How can I force the client and softether vpn server to use AES encryption only? When I created the ovpn file using SoftEther VPN Server Manager, I used AES encryption as encryption algorithm and installed it at client side. But I believe server is not accepting it- it is looking for RC4-MD5. How can I fix it?

cedar
Site Admin
Posts: 1550
Joined: Sat Mar 09, 2013 5:37 am

Re: Disable Weak Ciphers such as RC4-MD5

Post by cedar » Tue May 21, 2019 7:40 am

I think SoftEther VPN Server can accept OpenVPN connection with AES encoding.
What error did you see?

the6thbook
Posts: 3
Joined: Tue Jan 08, 2019 3:34 pm

Re: Disable Weak Ciphers such as RC4-MD5

Post by the6thbook » Mon Oct 28, 2019 5:31 pm

I'm still having this issue. I can't get RC4-MD5 disabled:

https://github.com/SoftEtherVPN/SoftEtherVPN/pull/343

ozone
Posts: 62
Joined: Thu Sep 19, 2019 7:18 pm

Re: Disable Weak Ciphers such as RC4-MD5

Post by ozone » Sun Nov 03, 2019 12:49 am

I have the same issue.

A Mikrotik client connecting to a SE server always reverts to the weak RC4 cipher, although both support much higher ones like various forms of AES256...
But apparently, RC4 is all both nodes can agree upon during the initial handshake.

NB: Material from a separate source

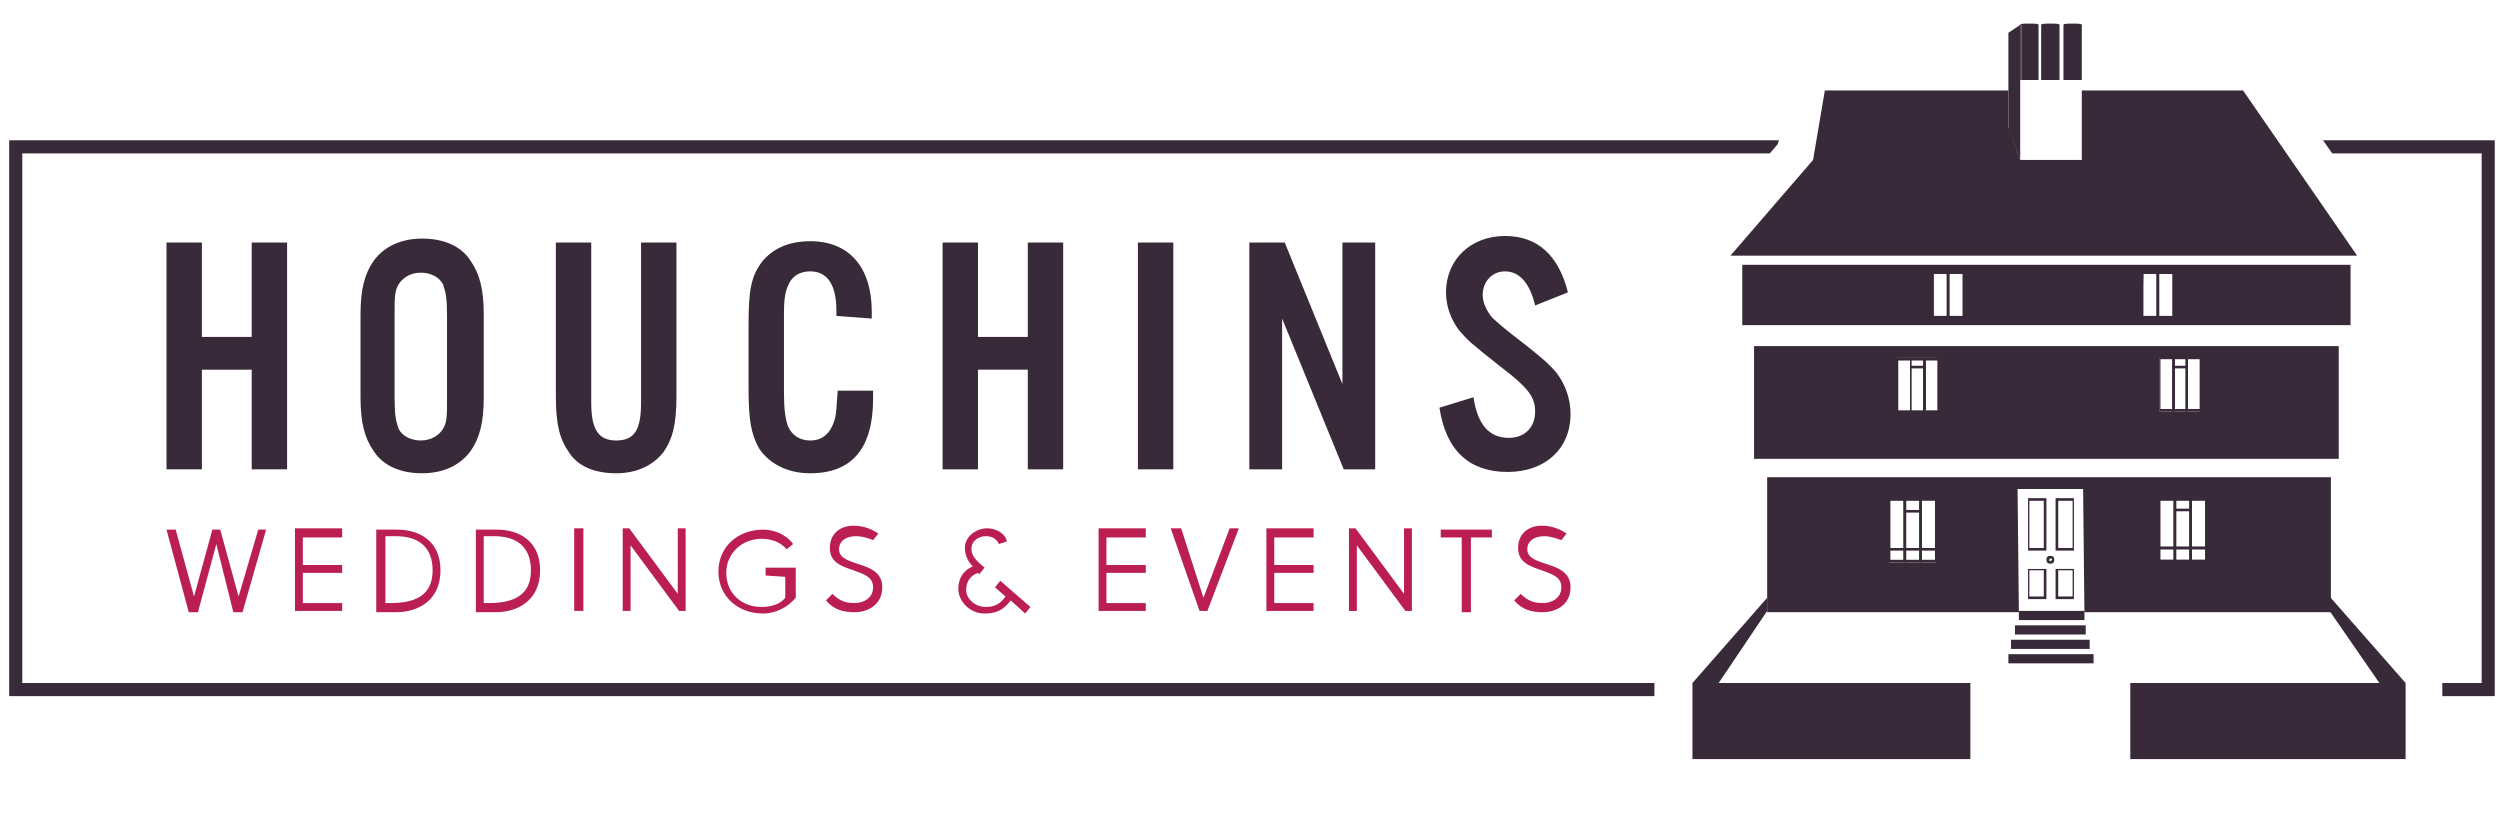 <svg xmlns="http://www.w3.org/2000/svg" xmlns:xlink="http://www.w3.org/1999/xlink" id="Layer_1" x="0px" y="0px" viewBox="0 0 190.7 62.4" style="enable-background:new 0 0 190.7 62.4;" xml:space="preserve"><style type="text/css">	.st0{fill:#382A38;}	.st1{fill:#BB1E50;}</style><g>	<polygon class="st0" points="177.2,10.7 177.9,11.7 189.3,11.7 189.3,52.1 186.3,52.1 186.3,53.1 190.3,53.1 190.3,10.7  "></polygon>	<polygon class="st0" points="135.7,10.7 0.7,10.7 0.7,53.1 126.2,53.1 126.2,52.1 1.7,52.1 1.7,11.7 135,11.7 135.6,11  "></polygon></g><g>	<path class="st0" d="M15.4,28.2v7.6h-2.7V18.5h2.7v7.2h3.8v-7.2h2.7v17.3h-2.7v-7.6H15.4z"></path>	<path class="st0" d="M36.9,30.3c0,1.9-0.3,3.1-1,4.1c-0.8,1.1-2.1,1.7-3.7,1.7c-1.7,0-3-0.6-3.7-1.7c-0.7-1-1-2.2-1-4.1V24  c0-1.9,0.3-3.1,1-4.1c0.8-1.1,2.1-1.7,3.7-1.7c1.7,0,3,0.6,3.7,1.7c0.7,1,1,2.2,1,4.1V30.3z M30.1,30.3c0,1.4,0.1,1.8,0.3,2.4  c0.3,0.6,1,0.9,1.7,0.9c0.8,0,1.4-0.4,1.7-0.9c0.3-0.5,0.3-1,0.3-2.4v-6.2c0-1.4-0.1-1.8-0.3-2.4c-0.3-0.6-1-0.9-1.7-0.9  c-0.8,0-1.4,0.4-1.7,0.9c-0.3,0.5-0.3,1-0.3,2.4V30.3z"></path>	<path class="st0" d="M51.6,18.5v11.7c0,2.2-0.3,3.3-1,4.3c-0.8,1-2,1.6-3.6,1.6s-2.9-0.5-3.6-1.6c-0.7-1-1-2.1-1-4.3V18.5h2.7v12.2  c0,2,0.5,2.9,1.9,2.9c1.4,0,1.9-0.8,1.9-2.9V18.5H51.6L51.6,18.5z"></path>	<path class="st0" d="M63.8,24.1v-0.4c0-2-0.7-3-2-3c-0.7,0-1.3,0.3-1.6,0.9c-0.3,0.6-0.4,1.1-0.4,2.5v5.8c0,1.3,0.1,2,0.3,2.6  c0.3,0.7,0.9,1.1,1.7,1.1c1,0,1.6-0.6,1.9-1.7c0.1-0.4,0.1-0.8,0.2-2.1h2.7v0.6c0,3.8-1.6,5.7-4.8,5.7c-1.7,0-3.1-0.7-3.9-1.9  c-0.6-1.1-0.8-2.1-0.8-4.6v-4.8c0-2.7,0.2-3.7,1-4.8c0.8-1,2-1.6,3.7-1.6c3,0,4.7,2,4.7,5.4v0.5L63.8,24.1L63.8,24.1z"></path>	<path class="st0" d="M74.6,28.2v7.6h-2.7V18.5h2.7v7.2h3.8v-7.2h2.7v17.3h-2.7v-7.6H74.6z"></path>	<path class="st0" d="M89.5,35.8h-2.7V18.5h2.7V35.8z"></path>	<path class="st0" d="M104.9,35.8h-2.4l-4.7-11.5v11.5h-2.5V18.5H98l4.4,10.8V18.5h2.5V35.8L104.9,35.8z"></path>	<path class="st0" d="M117.1,23.3c-0.4-1.7-1.2-2.6-2.3-2.6c-1,0-1.7,0.8-1.7,1.8c0,0.6,0.3,1.2,0.7,1.7c0.3,0.3,1.1,1,2.3,1.9  c1.4,1.1,2,1.6,2.6,2.3c0.7,0.9,1.1,2,1.1,3.2c0,2.6-1.9,4.4-4.8,4.4s-4.7-1.6-5.2-4.9l2.6-0.8c0.3,2.1,1.2,3.1,2.7,3.1  c1.2,0,2-0.8,2-2c0-1.1-0.5-1.8-2.6-3.4c-2.4-1.9-2.5-2-3.2-2.8c-0.6-0.8-1-1.8-1-2.9c0-2.5,1.9-4.3,4.5-4.3c2.5,0,4.1,1.5,4.8,4.3  L117.1,23.3L117.1,23.3z"></path></g><g>	<path class="st1" d="M18.2,45.5L18.2,45.5l1.5-5.1h0.6l-1.8,6.3h-0.7l-1.3-5.2h0l-1.4,5.2h-0.7l-1.7-6.3h0.7l1.4,5.1h0l1.4-5.1h0.6  L18.2,45.5L18.2,45.5z"></path>	<path class="st1" d="M22.5,46.6v-6.3h3.6V41h-3v2.1h3v0.6h-3v2.3h3v0.6L22.5,46.6L22.5,46.6z"></path>	<path class="st1" d="M28.7,40.4h1.6c1.6,0,3.3,0.8,3.3,3.1c0,2.3-1.7,3.2-3.4,3.2h-1.5L28.7,40.4L28.7,40.4z M29.8,46  c1.9,0,3.2-0.6,3.2-2.5c0-1.7-1-2.6-2.8-2.6h-0.8V46H29.8z"></path>	<path class="st1" d="M36.3,40.4h1.6c1.6,0,3.3,0.8,3.3,3.1c0,2.3-1.7,3.2-3.4,3.2h-1.5L36.3,40.4L36.3,40.4z M37.3,46  c1.9,0,3.2-0.6,3.2-2.5c0-1.7-1-2.6-2.8-2.6h-0.8V46H37.3z"></path>	<path class="st1" d="M43.8,46.6v-6.3h0.7v6.3H43.8z"></path>	<path class="st1" d="M51.8,46.6l-3.7-5v5h-0.6v-6.3h0.5l3.7,5v-5h0.6v6.3H51.8L51.8,46.6z"></path>	<path class="st1" d="M58.4,43.9v-0.6h2.3v2.3c-0.6,0.7-1.5,1.2-2.5,1.2c-1.9,0-3.4-1.3-3.4-3.2c0-1.9,1.5-3.2,3.4-3.2  c0.9,0,1.8,0.4,2.3,1.1l-0.5,0.4c-0.4-0.5-1.1-0.8-1.9-0.8c-1.5,0-2.7,1.1-2.7,2.6s1.1,2.6,2.7,2.6c0.7,0,1.4-0.2,1.8-0.7v-1.6  L58.4,43.9L58.4,43.9z"></path>	<path class="st1" d="M65.3,40.9c-0.8,0-1.3,0.4-1.3,1c0,0.7,0.8,0.9,1.7,1.2s1.6,0.7,1.6,1.7c0,1.4-1.2,1.9-2.1,1.9  c-0.9,0-1.6-0.2-2.2-0.9l0.5-0.5c0.6,0.6,1.1,0.7,1.7,0.7c0.7,0,1.4-0.4,1.4-1.2c0-0.8-0.7-1-1.5-1.3c-0.9-0.3-1.8-0.6-1.8-1.7  c0-1.1,0.8-1.7,1.8-1.7c0.7,0,1.3,0.2,1.9,0.6l-0.4,0.5C66.4,41.1,65.8,40.9,65.3,40.9L65.3,40.9z"></path>	<path class="st1" d="M77.1,45.8c-0.6,0.8-1.2,1-2,1c-1.1,0-2-0.9-2-1.9c0-0.8,0.4-1.4,1.1-1.7c-0.4-0.4-0.6-0.9-0.6-1.4  c0-0.9,0.9-1.5,1.7-1.5c0.7,0,1.4,0.4,1.5,1l-0.6,0.2c-0.2-0.4-0.5-0.6-1-0.6c-0.5,0-1.1,0.3-1.1,1c0,0.5,0.4,0.9,1,1.4l-0.4,0.5  l-0.1-0.1c-0.6,0.2-0.9,0.7-0.9,1.3c0,0.7,0.7,1.3,1.5,1.3c0.6,0,1.1-0.2,1.5-0.8l-0.8-0.7l0.4-0.5l2.3,2l-0.4,0.5L77.1,45.8  L77.1,45.8z"></path>	<path class="st1" d="M83.8,46.6v-6.3h3.6V41h-3v2.1h3v0.6h-3v2.3h3v0.6L83.8,46.6L83.8,46.6z"></path>	<path class="st1" d="M92.1,46.6h-0.6l-2.2-6.3h0.8l1.7,5.3l0,0l2-5.3h0.7L92.1,46.6L92.1,46.6z"></path>	<path class="st1" d="M96.6,46.6v-6.3h3.6V41h-3v2.1h3v0.6h-3v2.3h3v0.6L96.6,46.6L96.6,46.6z"></path>	<path class="st1" d="M107.2,46.6l-3.7-5v5h-0.6v-6.3h0.5l3.7,5v-5h0.6v6.3H107.2L107.2,46.6z"></path>	<path class="st1" d="M112.2,41v5.7h-0.7V41h-1.6v-0.6h3.9V41H112.2L112.2,41z"></path>	<path class="st1" d="M117.8,40.9c-0.8,0-1.3,0.4-1.3,1c0,0.7,0.8,0.9,1.7,1.2s1.6,0.7,1.6,1.7c0,1.4-1.2,1.9-2.1,1.9  c-0.9,0-1.6-0.2-2.2-0.9l0.5-0.5c0.6,0.6,1.1,0.7,1.7,0.7c0.7,0,1.4-0.4,1.4-1.2c0-0.8-0.7-1-1.5-1.3c-0.9-0.3-1.8-0.6-1.8-1.7  c0-1.1,0.8-1.7,1.8-1.7c0.7,0,1.3,0.2,1.9,0.6l-0.4,0.5C118.8,41.1,118.3,40.9,117.8,40.9L117.8,40.9z"></path></g><g>	<path class="st0" d="M134.8,36.4v10.3H154l-0.1-9.4h5l0.1,9.4h18.8V36.4H134.8L134.8,36.4z M147.7,42.9h-3.6v-4.8h3.6L147.7,42.9z   M168.3,42.8h-3.6v-4.7h3.6V42.8z"></path>	<path class="st0" d="M133.8,26.4V35h44.6v-8.6H133.8z M147.8,31.4h-3.1v-4.1h3.1V31.4z M167.8,31.4h-3.1v-4.1h3.1V31.4z"></path>	<path class="st0" d="M132.9,20.2v4.6h46.4v-4.6H132.9L132.9,20.2z M149.8,24.1h-2.3v-3.4h2.3V24.1z M165.8,24.1h-2.4l0.1-3.3  l2.3-0.1V24.1z"></path>	<polygon class="st0" points="179.8,19.5 132,19.5 138.3,12.2 139.2,6.9 153.2,6.9 153.2,9.7 154.1,12.2 158.8,12.2 158.8,6.9   171.1,6.9  "></polygon>	<path class="st0" d="M158.2,42h-1.4v-4h1.4V42z M157,41.8h1.1v-3.6H157V41.8z"></path>	<path class="st0" d="M156.1,42h-1.4v-4h1.4V42z M154.8,41.8h1.1v-3.6h-1.1V41.8z"></path>	<path class="st0" d="M156.4,43c-0.2,0-0.3-0.1-0.3-0.3c0-0.2,0.1-0.3,0.3-0.3c0.2,0,0.3,0.1,0.3,0.3C156.7,42.9,156.6,43,156.4,43z   M156.4,42.6c0,0-0.1,0.1-0.1,0.1c0,0.1,0.1,0.1,0.1,0.1c0.1,0,0.1-0.1,0.1-0.1C156.6,42.6,156.5,42.6,156.4,42.6z"></path>	<path class="st0" d="M158.2,45.7h-1.4v-2.3h1.4V45.7z M157,45.5h1.1v-2H157V45.5z"></path>	<path class="st0" d="M156.1,45.7h-1.4v-2.3h1.4V45.7z M154.8,45.5h1.1v-2h-1.1V45.5z"></path>	<path class="st0" d="M166,42.9h-1.4V38h1.4V42.9z M164.8,42.7h1v-4.5h-1V42.7z"></path>	<path class="st0" d="M167.2,42.9h-1.4V38h1.4V42.9z M166,42.7h1v-4.5h-1V42.7z"></path>	<path class="st0" d="M168.4,42.9H167V38h1.4V42.9z M167.2,42.7h1v-4.5h-1V42.7z"></path>	<rect x="164.3" y="42.7" class="st0" width="4.4" height="0.4"></rect>	<rect x="164.7" y="41.7" class="st0" width="3.6" height="0.2"></rect>	<rect x="165.9" y="38.8" class="st0" width="1.2" height="0.2"></rect>	<rect x="167.9" y="38.1" class="st0" width="0" height="4.8"></rect>	<rect x="167.5" y="38.1" class="st0" width="0" height="4.8"></rect>	<rect x="166.7" y="38.1" class="st0" width="0" height="4.8"></rect>	<rect x="166.3" y="38.1" class="st0" width="0" height="4.8"></rect>	<rect x="165.5" y="38.1" class="st0" width="0" height="4.8"></rect>	<rect x="165.1" y="38.1" class="st0" width="0" height="4.8"></rect>	<rect x="164.7" y="41.7" class="st0" width="3.6" height="0.2"></rect>	<rect x="164.7" y="41" class="st0" width="3.6" height="0"></rect>	<rect x="164.7" y="40.3" class="st0" width="3.6" height="0"></rect>	<rect x="164.8" y="39.6" class="st0" width="3.6" height="0"></rect>	<rect x="164.7" y="38.9" class="st0" width="3.6" height="0"></rect>	<g>		<path class="st0" d="M165.9,24.2h-1.4v-3.6h1.4V24.2z M164.7,24.1h1v-3.2h-1V24.1z"></path>		<path class="st0" d="M164.7,24.2h-1.4v-3.6h1.4V24.2z M163.5,24.1h1v-3.2h-1V24.1z"></path>	</g>	<rect x="163.4" y="23" class="st0" width="2.4" height="0"></rect>	<rect x="163.4" y="22.4" class="st0" width="2.3" height="0"></rect>	<rect x="163.4" y="21.9" class="st0" width="2.4" height="0"></rect>	<rect x="163.4" y="21.3" class="st0" width="2.4" height="0"></rect>	<rect x="163.4" y="23.5" class="st0" width="2.4" height="0"></rect>	<rect x="165.4" y="20.7" class="st0" width="0" height="3.5"></rect>	<rect x="165.1" y="20.8" class="st0" width="0" height="3.4"></rect>	<rect x="164.2" y="20.7" class="st0" width="0" height="3.5"></rect>	<rect x="163.9" y="20.7" class="st0" width="0" height="3.4"></rect>	<path class="st0" d="M145.4,42.9H144V38h1.4V42.9z M144.2,42.7h1v-4.5h-1V42.7z"></path>	<path class="st0" d="M146.6,42.9h-1.4V38h1.4V42.9z M145.4,42.7h1v-4.5h-1V42.7z"></path>	<path class="st0" d="M147.8,42.9h-1.4V38h1.4V42.9z M146.6,42.7h1v-4.5h-1V42.7z"></path>	<rect x="144.1" y="41.8" class="st0" width="3.6" height="0.2"></rect>	<rect x="145.3" y="38.9" class="st0" width="1.2" height="0.2"></rect>	<rect x="147.2" y="38.1" class="st0" width="0" height="4.8"></rect>	<rect x="146.9" y="38.1" class="st0" width="0" height="4.8"></rect>	<rect x="146" y="38.2" class="st0" width="0" height="4.8"></rect>	<rect x="145.7" y="38.2" class="st0" width="0" height="4.8"></rect>	<rect x="144.9" y="38.2" class="st0" width="0" height="4.8"></rect>	<rect x="144.5" y="38.2" class="st0" width="0" height="4.8"></rect>	<rect x="144.1" y="41.1" class="st0" width="3.6" height="0"></rect>	<rect x="144.1" y="40.4" class="st0" width="3.6" height="0"></rect>	<rect x="144.2" y="39.7" class="st0" width="3.6" height="0"></rect>	<rect x="144.1" y="38.9" class="st0" width="3.6" height="0"></rect>	<path class="st0" d="M146.9,31.5h-1.2v-4.2h1.2V31.5z M145.8,31.3h0.9v-3.8h-0.9V31.3z"></path>	<path class="st0" d="M145.8,31.5h-1.2v-4.2h1.2V31.5z M144.8,31.3h0.9v-3.8h-0.9V31.3z"></path>	<path class="st0" d="M147.9,31.5h-1.2v-4.2h1.2V31.5z M146.9,31.3h0.9v-3.8h-0.9V31.3z"></path>	<rect x="145.7" y="27.9" class="st0" width="1.2" height="0.2"></rect>	<rect x="144.6" y="30" class="st0" width="3.2" height="0"></rect>	<rect x="144.7" y="29.4" class="st0" width="3.1" height="0"></rect>	<rect x="144.7" y="28.7" class="st0" width="3.2" height="0"></rect>	<rect x="144.6" y="28" class="st0" width="3.2" height="0"></rect>	<rect x="144.6" y="30.6" class="st0" width="3.2" height="0"></rect>	<rect x="147.4" y="27.4" class="st0" width="0" height="4"></rect>	<rect x="146.4" y="27.4" class="st0" width="0" height="4"></rect>	<rect x="146.1" y="27.4" class="st0" width="0" height="4"></rect>	<rect x="145.3" y="27.3" class="st0" width="0" height="4"></rect>	<rect x="145.1" y="27.3" class="st0" width="0" height="4"></rect>	<rect x="147.1" y="27.3" class="st0" width="0" height="4"></rect>	<g>		<path class="st0" d="M149.9,24.2h-1.4v-3.6h1.4V24.2z M148.7,24.1h1v-3.2h-1V24.1z"></path>		<path class="st0" d="M148.7,24.2h-1.4v-3.6h1.4V24.2z M147.5,24.1h1v-3.2h-1V24.1z"></path>	</g>	<rect x="147.4" y="23" class="st0" width="2.4" height="0"></rect>	<rect x="147.4" y="22.4" class="st0" width="2.3" height="0"></rect>	<rect x="147.4" y="21.9" class="st0" width="2.4" height="0"></rect>	<rect x="147.4" y="21.3" class="st0" width="2.4" height="0"></rect>	<rect x="147.4" y="23.5" class="st0" width="2.4" height="0"></rect>	<rect x="149.3" y="20.7" class="st0" width="0" height="3.5"></rect>	<rect x="149.1" y="20.8" class="st0" width="0" height="3.4"></rect>	<rect x="148.1" y="20.7" class="st0" width="0" height="3.5"></rect>	<rect x="147.8" y="20.7" class="st0" width="0" height="3.4"></rect>	<rect x="165.1" y="27.2" class="st0" width="0" height="4"></rect>	<g>		<path class="st0" d="M166.9,31.4h-1.2v-4.2h1.2V31.4z M165.9,31.2h0.9v-3.8h-0.9V31.2z"></path>		<path class="st0" d="M165.9,31.4h-1.2v-4.2h1.2V31.4z M164.8,31.2h0.9v-3.8h-0.9V31.2z"></path>		<path class="st0" d="M167.9,31.4h-1.2v-4.2h1.2V31.4z M166.9,31.2h0.9v-3.8h-0.9V31.2z"></path>	</g>	<rect x="165.7" y="27.9" class="st0" width="1.2" height="0.2"></rect>	<rect x="164.7" y="29.9" class="st0" width="3.2" height="0"></rect>	<rect x="164.7" y="29.3" class="st0" width="3.1" height="0"></rect>	<rect x="164.8" y="28.7" class="st0" width="3.2" height="0"></rect>	<rect x="164.6" y="28" class="st0" width="3.2" height="0"></rect>	<rect x="164.7" y="30.6" class="st0" width="3.2" height="0"></rect>	<rect x="167.5" y="27.3" class="st0" width="0" height="4"></rect>	<rect x="166.4" y="27.4" class="st0" width="0" height="4"></rect>	<rect x="166.1" y="27.4" class="st0" width="0" height="4"></rect>	<rect x="165.4" y="27.2" class="st0" width="0" height="4"></rect>	<rect x="167.2" y="27.3" class="st0" width="0" height="4"></rect>	<g>		<polygon class="st0" points="134.8,46.6 134.8,45.6 129.1,52.1 129.1,52.1 129.1,52.1 129.1,55.1 129.1,57.9 150.3,57.9    150.3,52.1 131.1,52.1   "></polygon>		<polygon class="st0" points="177.7,45.5 177.7,46.6 181.5,52.1 162.5,52.1 162.5,57.9 183.5,57.9 183.5,55 183.5,52.1   "></polygon>	</g>	<rect x="154.1" y="1.9" class="st0" width="0.1" height="4.2"></rect>	<path class="st0" d="M158.8,1.9L158.8,1.9l0,4.2h-1.4V1.9h0c0,0,0,0,0,0c0-0.1,0.3-0.1,0.7-0.1S158.8,1.8,158.8,1.9  C158.8,1.9,158.8,1.9,158.8,1.9z"></path>	<path class="st0" d="M157.1,1.9L157.1,1.9l0,4.2h-1.4V1.9h0c0,0,0,0,0,0c0-0.1,0.3-0.1,0.7-0.1C156.8,1.8,157.1,1.8,157.1,1.9  C157.1,1.9,157.1,1.9,157.1,1.9L157.1,1.9z"></path>	<path class="st0" d="M155.5,1.9L155.5,1.9l0,4.2h-1.3V1.9h-0.1c0,0,0,0,0,0c0-0.1,0.3-0.1,0.7-0.1S155.5,1.8,155.5,1.9  C155.5,1.9,155.5,1.9,155.5,1.9L155.5,1.9z"></path>	<path class="st0" d="M154.2,1.7L154.2,1.7C154.2,1.7,154.1,1.7,154.2,1.7L154.2,1.7z"></path>	<polygon class="st0" points="154.1,1.9 153.2,2.5 153.2,9.8 154.1,12.2  "></polygon>	<g>		<rect x="154" y="46.6" class="st0" width="5" height="0.7"></rect>		<rect x="153.7" y="47.7" class="st0" width="5.4" height="0.7"></rect>		<rect x="153.4" y="48.8" class="st0" width="6" height="0.7"></rect>		<rect x="153.2" y="49.9" class="st0" width="6.5" height="0.7"></rect>	</g></g></svg>

Until today, found no way of enforcing a higher cipher. Nor got any hint of how to do this on this forum or by someone of SE.

...Still hoping though...

sukupandachu
Posts: 1
Joined: Sun Dec 23, 2018 11:53 am

Re: Disable Weak Ciphers such as RC4-MD5

Post by sukupandachu » Sun Feb 28, 2021 5:59 pm

Hi.

I have the same issue. I see it happens only when it connects through the VPNAzure relay network. Connecting directly through NAT utilizes the server selected cipher AES256-GCM-SHA384.

I am not sure if this has do to with network speed, that maybe forces Softether to use weaker (and faster) cipher on slow networks (using the VPNAzure relay), or if it has to do with the VPNAzure network itself.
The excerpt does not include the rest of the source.